§ **Brief**: In the entries below, find the line with "road: tertiary, surface: asphalt, light: Day" and the line with "1.8 s after image 1.". Reproduce those two lines and every line between them exactly, and nothing more.

§ **Material shown**:
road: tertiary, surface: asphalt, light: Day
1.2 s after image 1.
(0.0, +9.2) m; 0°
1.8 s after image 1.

==

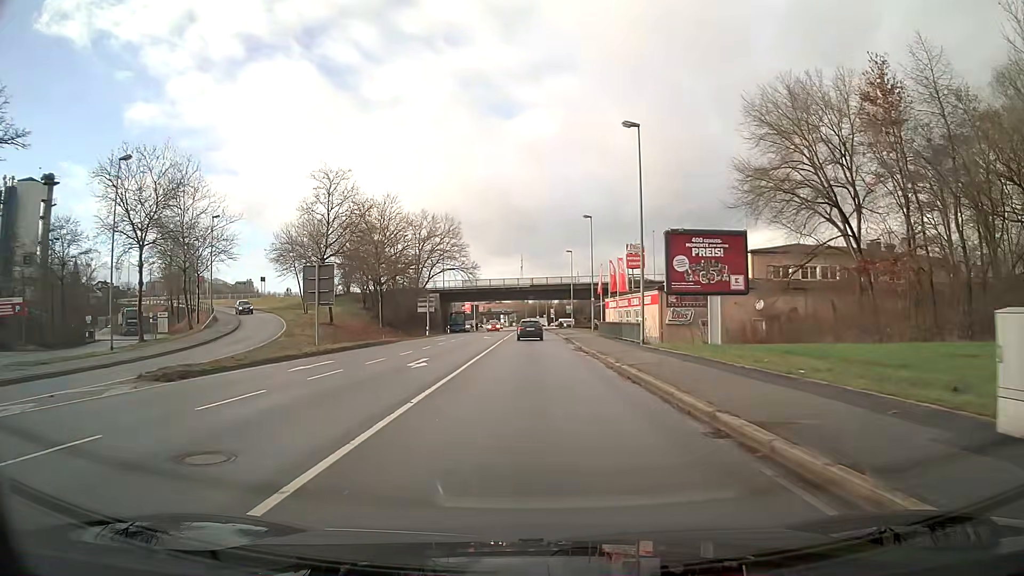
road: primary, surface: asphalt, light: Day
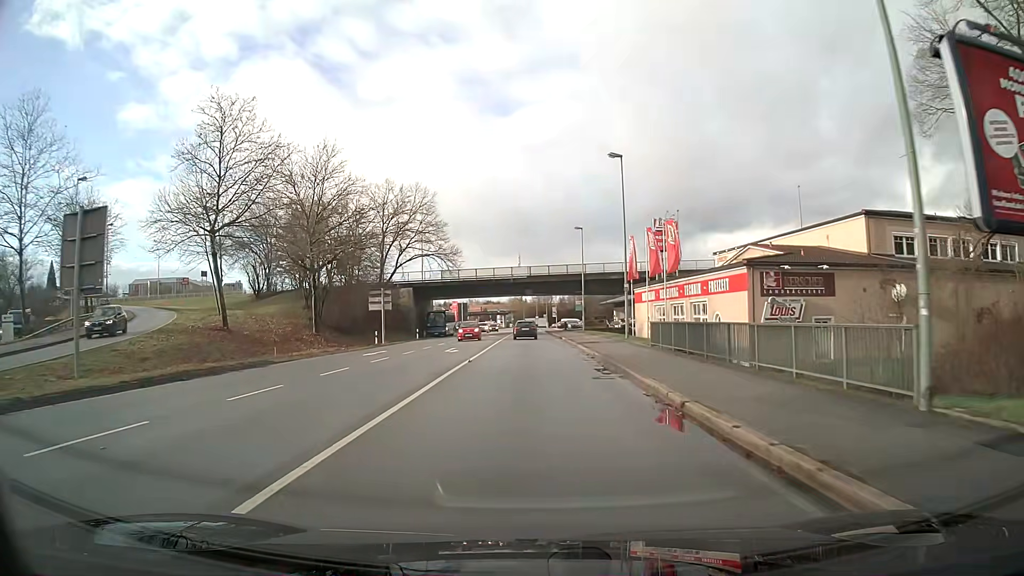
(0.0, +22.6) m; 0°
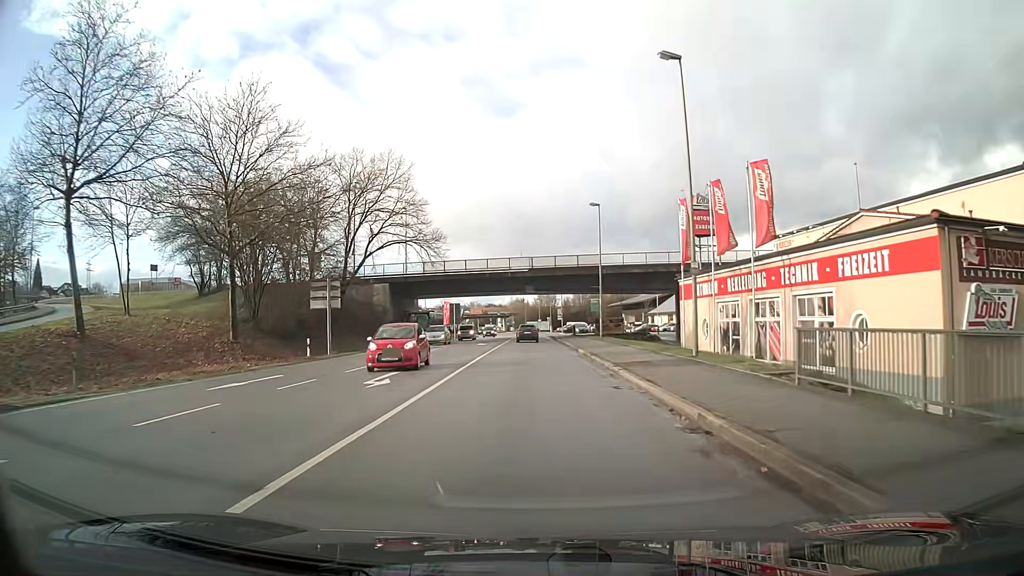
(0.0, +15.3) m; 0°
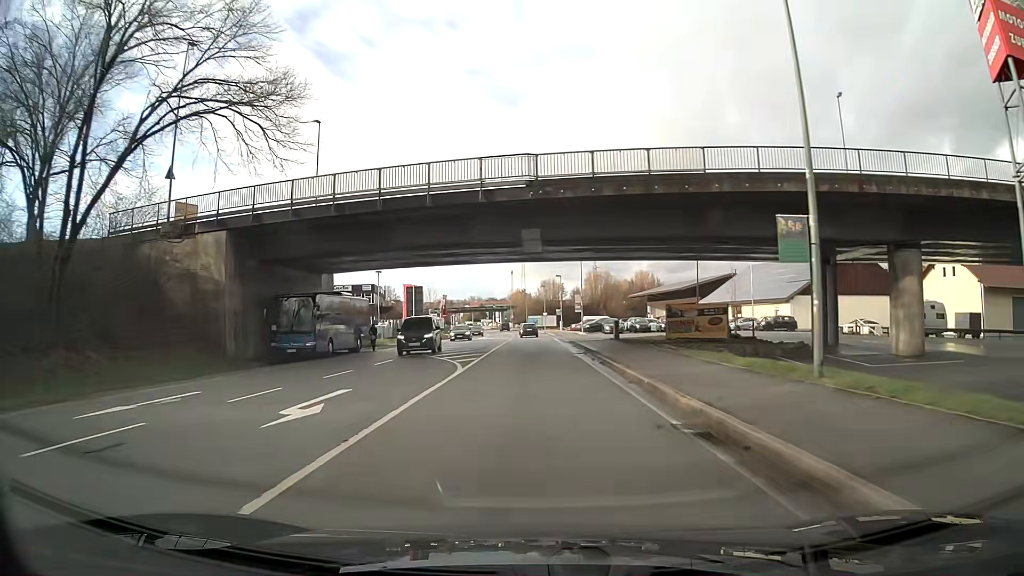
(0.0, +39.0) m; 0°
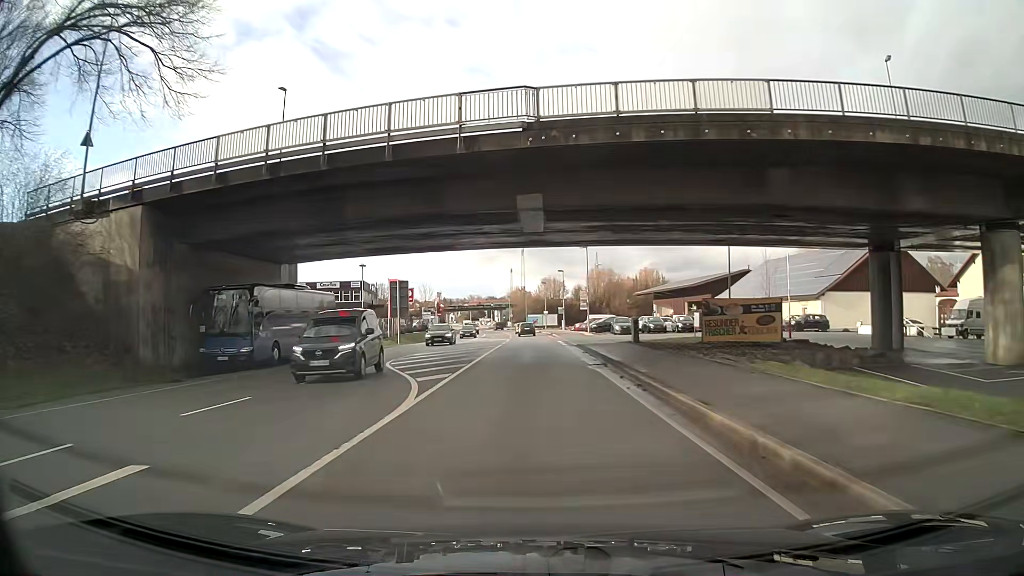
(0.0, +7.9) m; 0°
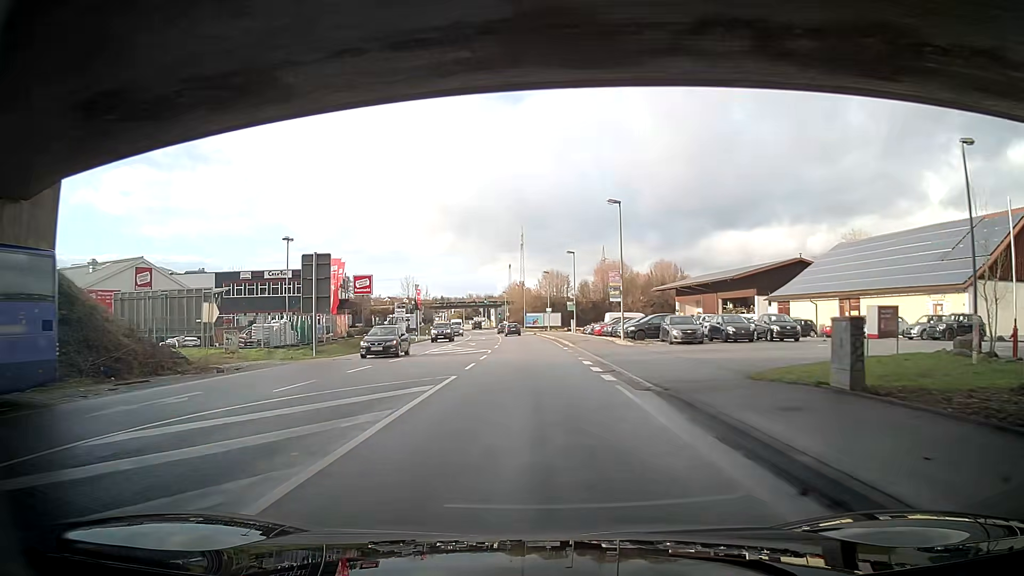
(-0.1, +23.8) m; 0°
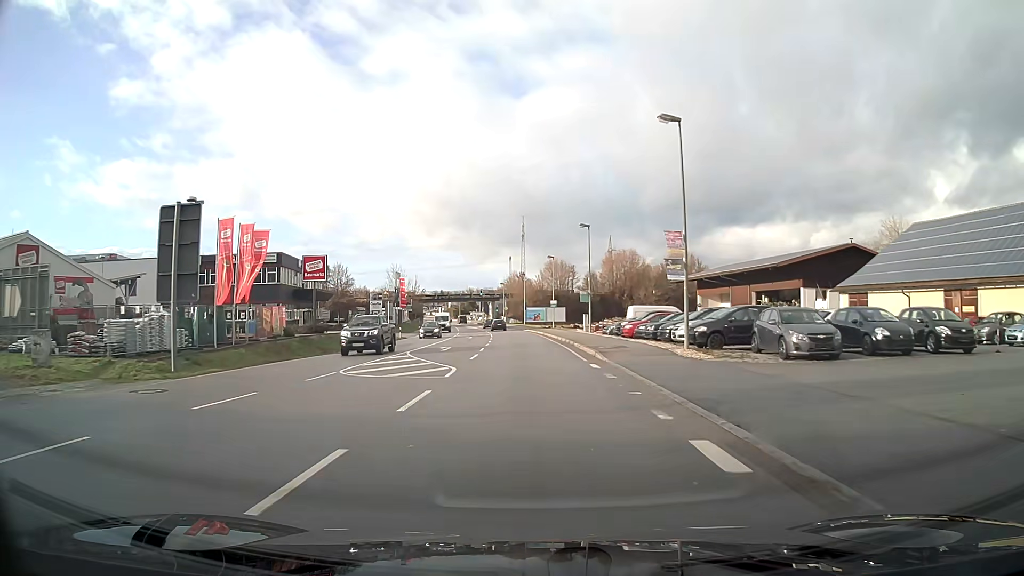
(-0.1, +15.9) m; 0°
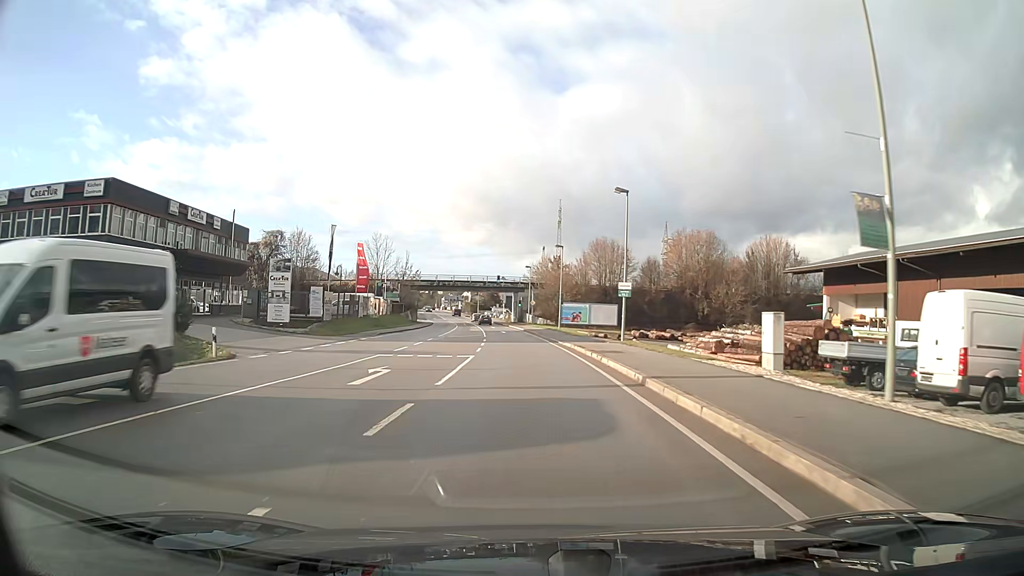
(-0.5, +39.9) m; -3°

§ **Output below**:
road: tertiary, surface: asphalt, light: Day
1.2 s after image 1.
(0.0, +9.2) m; 0°
1.8 s after image 1.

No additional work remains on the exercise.